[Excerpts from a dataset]
▼▼▼

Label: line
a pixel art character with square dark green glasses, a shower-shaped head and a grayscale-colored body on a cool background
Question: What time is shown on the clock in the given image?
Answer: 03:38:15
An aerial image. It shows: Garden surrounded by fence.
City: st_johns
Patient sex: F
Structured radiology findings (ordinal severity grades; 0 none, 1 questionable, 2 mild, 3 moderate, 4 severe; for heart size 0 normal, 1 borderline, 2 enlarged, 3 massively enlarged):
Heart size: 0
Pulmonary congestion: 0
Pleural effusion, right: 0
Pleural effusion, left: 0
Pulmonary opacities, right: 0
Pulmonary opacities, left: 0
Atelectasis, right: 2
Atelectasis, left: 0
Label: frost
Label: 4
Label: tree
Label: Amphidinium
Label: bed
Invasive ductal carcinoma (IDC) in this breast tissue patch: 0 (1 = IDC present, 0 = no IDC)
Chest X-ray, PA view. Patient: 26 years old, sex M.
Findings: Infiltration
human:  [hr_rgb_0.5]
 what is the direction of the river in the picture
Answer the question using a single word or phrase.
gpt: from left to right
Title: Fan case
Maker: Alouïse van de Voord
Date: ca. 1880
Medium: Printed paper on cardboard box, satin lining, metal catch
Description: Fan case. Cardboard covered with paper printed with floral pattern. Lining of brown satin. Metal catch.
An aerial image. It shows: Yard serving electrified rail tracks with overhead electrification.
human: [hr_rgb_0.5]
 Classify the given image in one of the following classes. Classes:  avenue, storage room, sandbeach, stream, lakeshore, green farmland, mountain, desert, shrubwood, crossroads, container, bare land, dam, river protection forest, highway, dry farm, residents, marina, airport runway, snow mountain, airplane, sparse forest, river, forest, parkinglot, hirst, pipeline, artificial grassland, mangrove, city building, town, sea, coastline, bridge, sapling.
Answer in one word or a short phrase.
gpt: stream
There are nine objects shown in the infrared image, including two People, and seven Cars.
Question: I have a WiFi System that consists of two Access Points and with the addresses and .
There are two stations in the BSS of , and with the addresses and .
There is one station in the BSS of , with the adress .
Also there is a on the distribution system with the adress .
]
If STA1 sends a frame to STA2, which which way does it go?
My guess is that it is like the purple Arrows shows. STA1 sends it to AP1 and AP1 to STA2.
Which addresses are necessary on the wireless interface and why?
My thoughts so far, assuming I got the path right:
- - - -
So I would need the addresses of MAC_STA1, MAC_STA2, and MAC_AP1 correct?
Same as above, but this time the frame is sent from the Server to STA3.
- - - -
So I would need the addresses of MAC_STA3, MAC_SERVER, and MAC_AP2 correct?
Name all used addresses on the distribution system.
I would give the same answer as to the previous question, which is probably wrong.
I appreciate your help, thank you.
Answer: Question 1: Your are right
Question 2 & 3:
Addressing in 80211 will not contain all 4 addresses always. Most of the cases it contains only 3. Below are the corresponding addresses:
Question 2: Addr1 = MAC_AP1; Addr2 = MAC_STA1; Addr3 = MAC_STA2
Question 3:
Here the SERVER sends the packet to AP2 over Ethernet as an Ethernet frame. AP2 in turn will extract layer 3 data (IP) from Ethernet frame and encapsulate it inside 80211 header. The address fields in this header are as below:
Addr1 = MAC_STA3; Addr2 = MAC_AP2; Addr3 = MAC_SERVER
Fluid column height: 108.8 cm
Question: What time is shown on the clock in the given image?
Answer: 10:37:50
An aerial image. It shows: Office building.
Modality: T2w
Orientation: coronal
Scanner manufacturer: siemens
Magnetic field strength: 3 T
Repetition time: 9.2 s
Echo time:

▲▲▲

What you will do >> Proceeding from the line containing "Patient sex: F" through the line containing "Date: ca. 1880", transcribe the lines above exactly, both end lines included.

Task response >>
Patient sex: F
Structured radiology findings (ordinal severity grades; 0 none, 1 questionable, 2 mild, 3 moderate, 4 severe; for heart size 0 normal, 1 borderline, 2 enlarged, 3 massively enlarged):
Heart size: 0
Pulmonary congestion: 0
Pleural effusion, right: 0
Pleural effusion, left: 0
Pulmonary opacities, right: 0
Pulmonary opacities, left: 0
Atelectasis, right: 2
Atelectasis, left: 0
Label: frost
Label: 4
Label: tree
Label: Amphidinium
Label: bed
Invasive ductal carcinoma (IDC) in this breast tissue patch: 0 (1 = IDC present, 0 = no IDC)
Chest X-ray, PA view. Patient: 26 years old, sex M.
Findings: Infiltration
human:  [hr_rgb_0.5]
 what is the direction of the river in the picture
Answer the question using a single word or phrase.
gpt: from left to right
Title: Fan case
Maker: Alouïse van de Voord
Date: ca. 1880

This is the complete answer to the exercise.